Output what the records say, word for word, with no images.

(Data extracted from a collection)

****************************************

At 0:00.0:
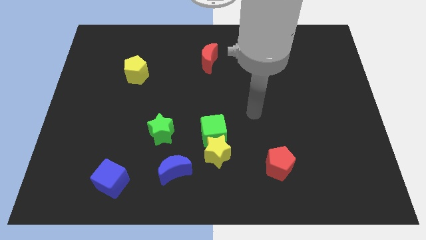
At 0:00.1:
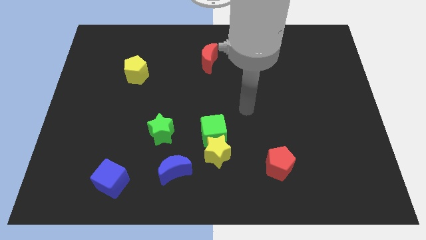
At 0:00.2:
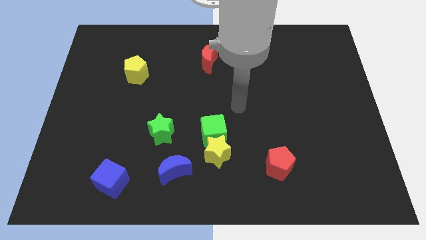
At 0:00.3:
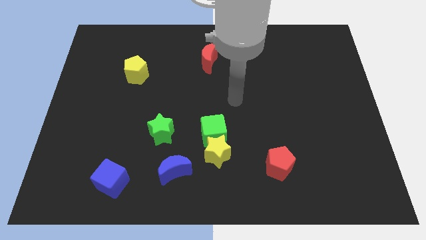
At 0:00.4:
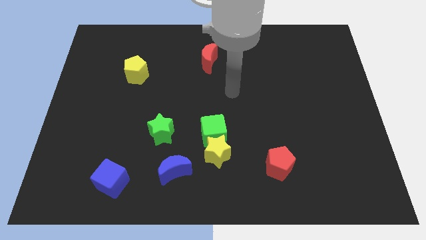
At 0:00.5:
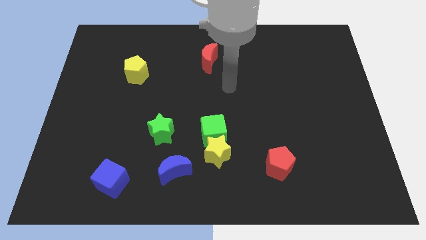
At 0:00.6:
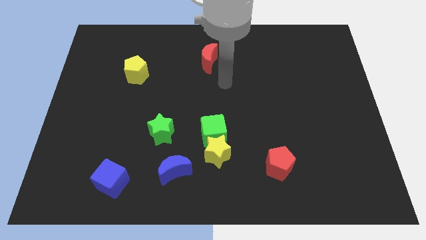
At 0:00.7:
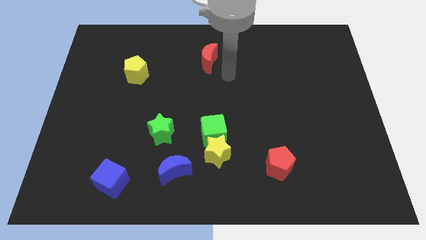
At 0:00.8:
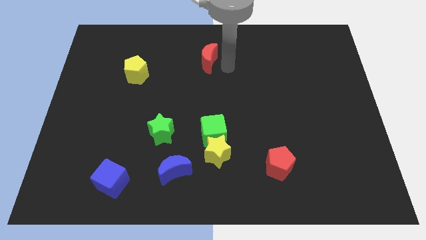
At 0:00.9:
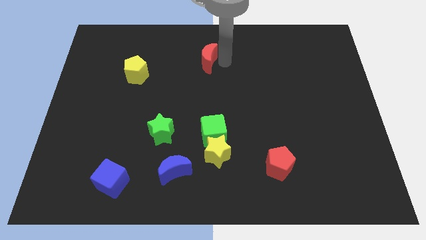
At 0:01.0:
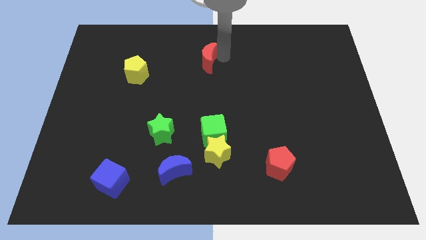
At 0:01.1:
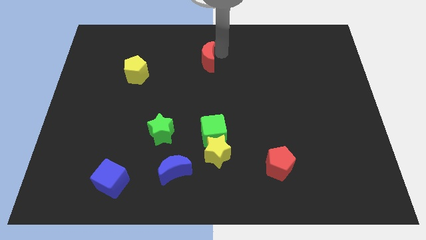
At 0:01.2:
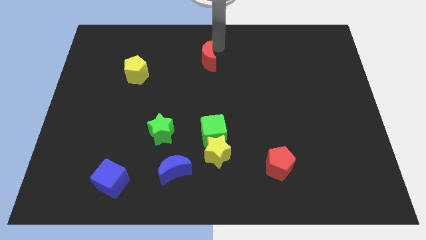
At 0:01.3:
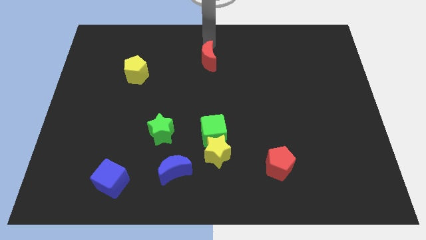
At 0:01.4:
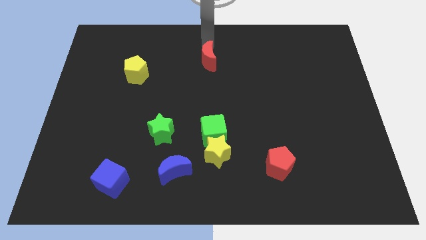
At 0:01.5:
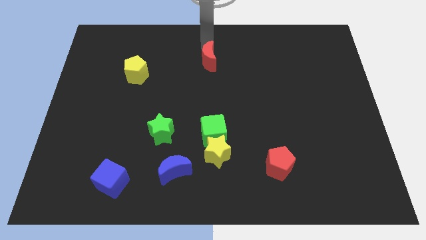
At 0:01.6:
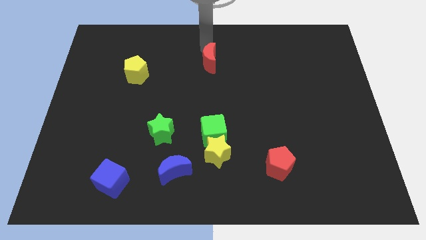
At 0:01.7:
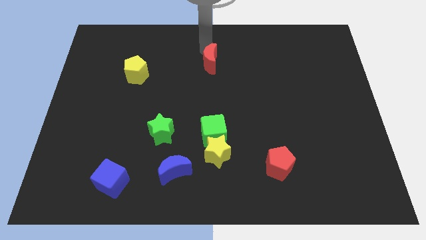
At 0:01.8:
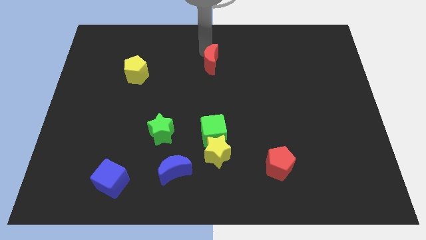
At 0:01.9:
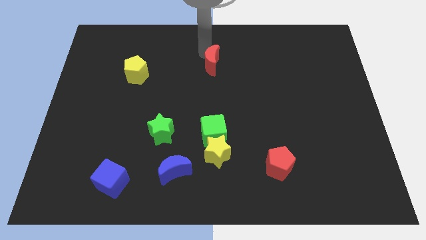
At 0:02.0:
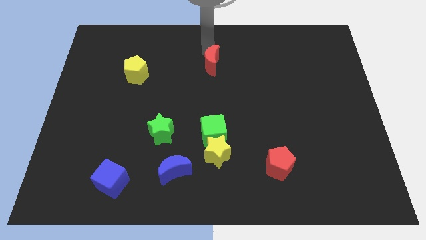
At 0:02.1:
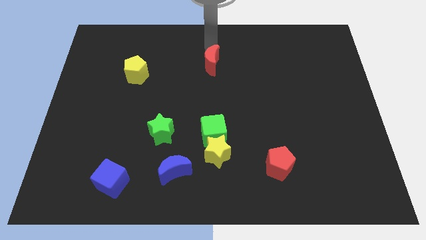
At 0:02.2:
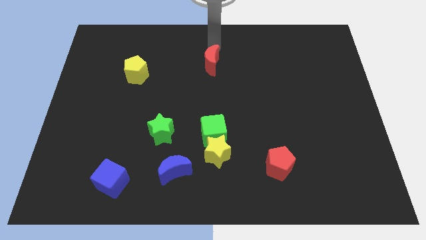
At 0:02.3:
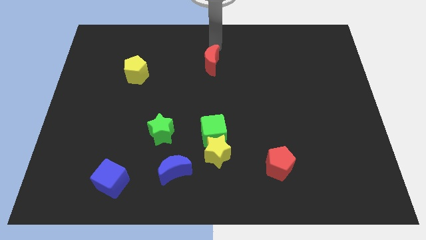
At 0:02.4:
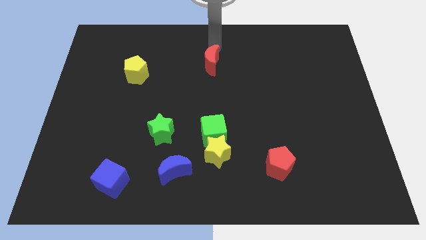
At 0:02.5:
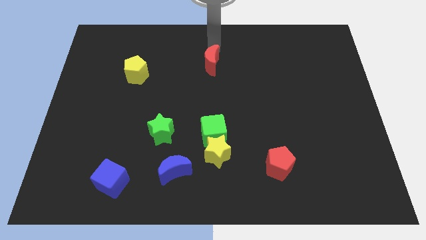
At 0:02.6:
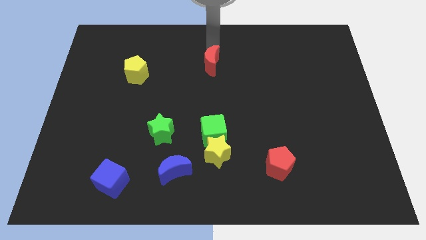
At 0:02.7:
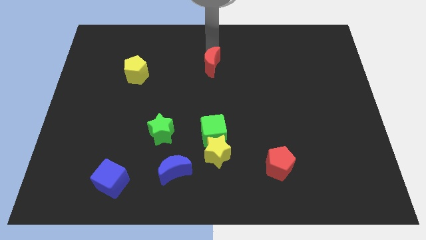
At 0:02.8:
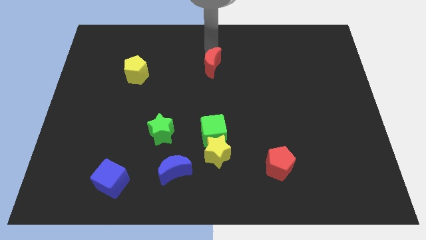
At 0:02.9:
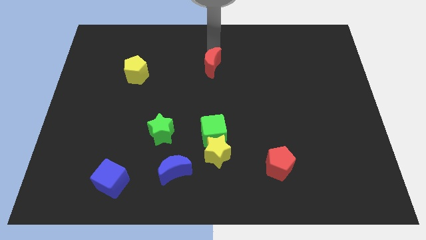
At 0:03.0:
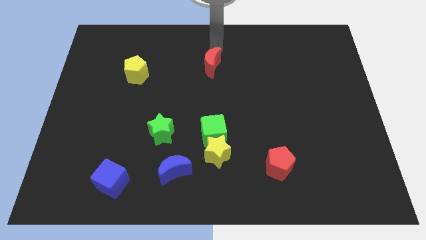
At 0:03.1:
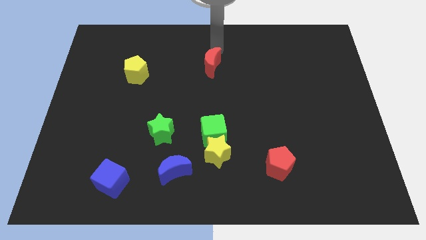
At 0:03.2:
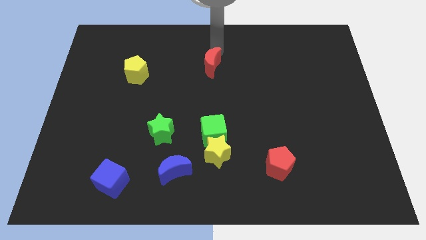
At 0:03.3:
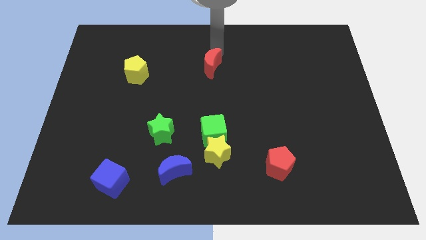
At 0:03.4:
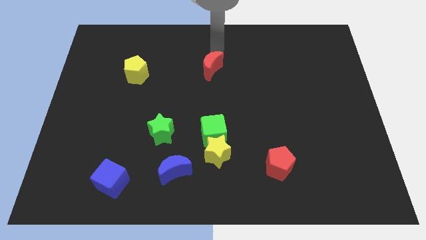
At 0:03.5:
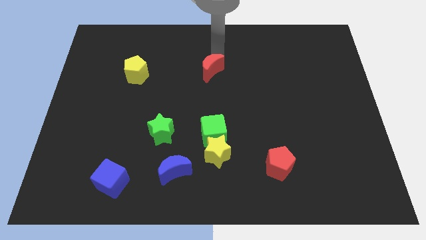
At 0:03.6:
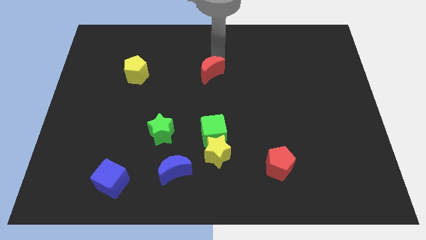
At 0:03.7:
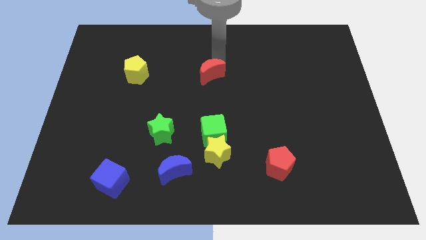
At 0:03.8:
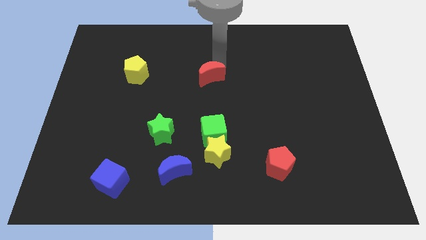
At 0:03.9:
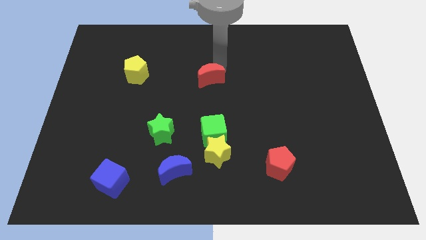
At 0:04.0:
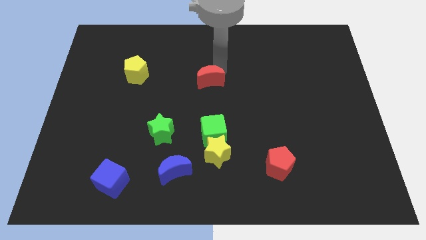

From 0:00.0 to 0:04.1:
move the red moon above the green cube

****************************************

- OUTPUT BELOW -
At 0:00.0:
At 0:00.1:
At 0:00.2:
At 0:00.3:
At 0:00.4:
At 0:00.5:
At 0:00.6:
At 0:00.7:
At 0:00.8:
At 0:00.9:
At 0:01.0:
At 0:01.1:
At 0:01.2:
At 0:01.3:
At 0:01.4:
At 0:01.5:
At 0:01.6:
At 0:01.7:
At 0:01.8:
At 0:01.9:
At 0:02.0:
At 0:02.1:
At 0:02.2:
At 0:02.3:
At 0:02.4:
At 0:02.5:
At 0:02.6:
At 0:02.7:
At 0:02.8:
At 0:02.9:
At 0:03.0:
At 0:03.1:
At 0:03.2:
At 0:03.3:
At 0:03.4:
At 0:03.5:
At 0:03.6:
At 0:03.7:
At 0:03.8:
At 0:03.9:
At 0:04.0:

From 0:00.0 to 0:04.1:
move the red moon above the green cube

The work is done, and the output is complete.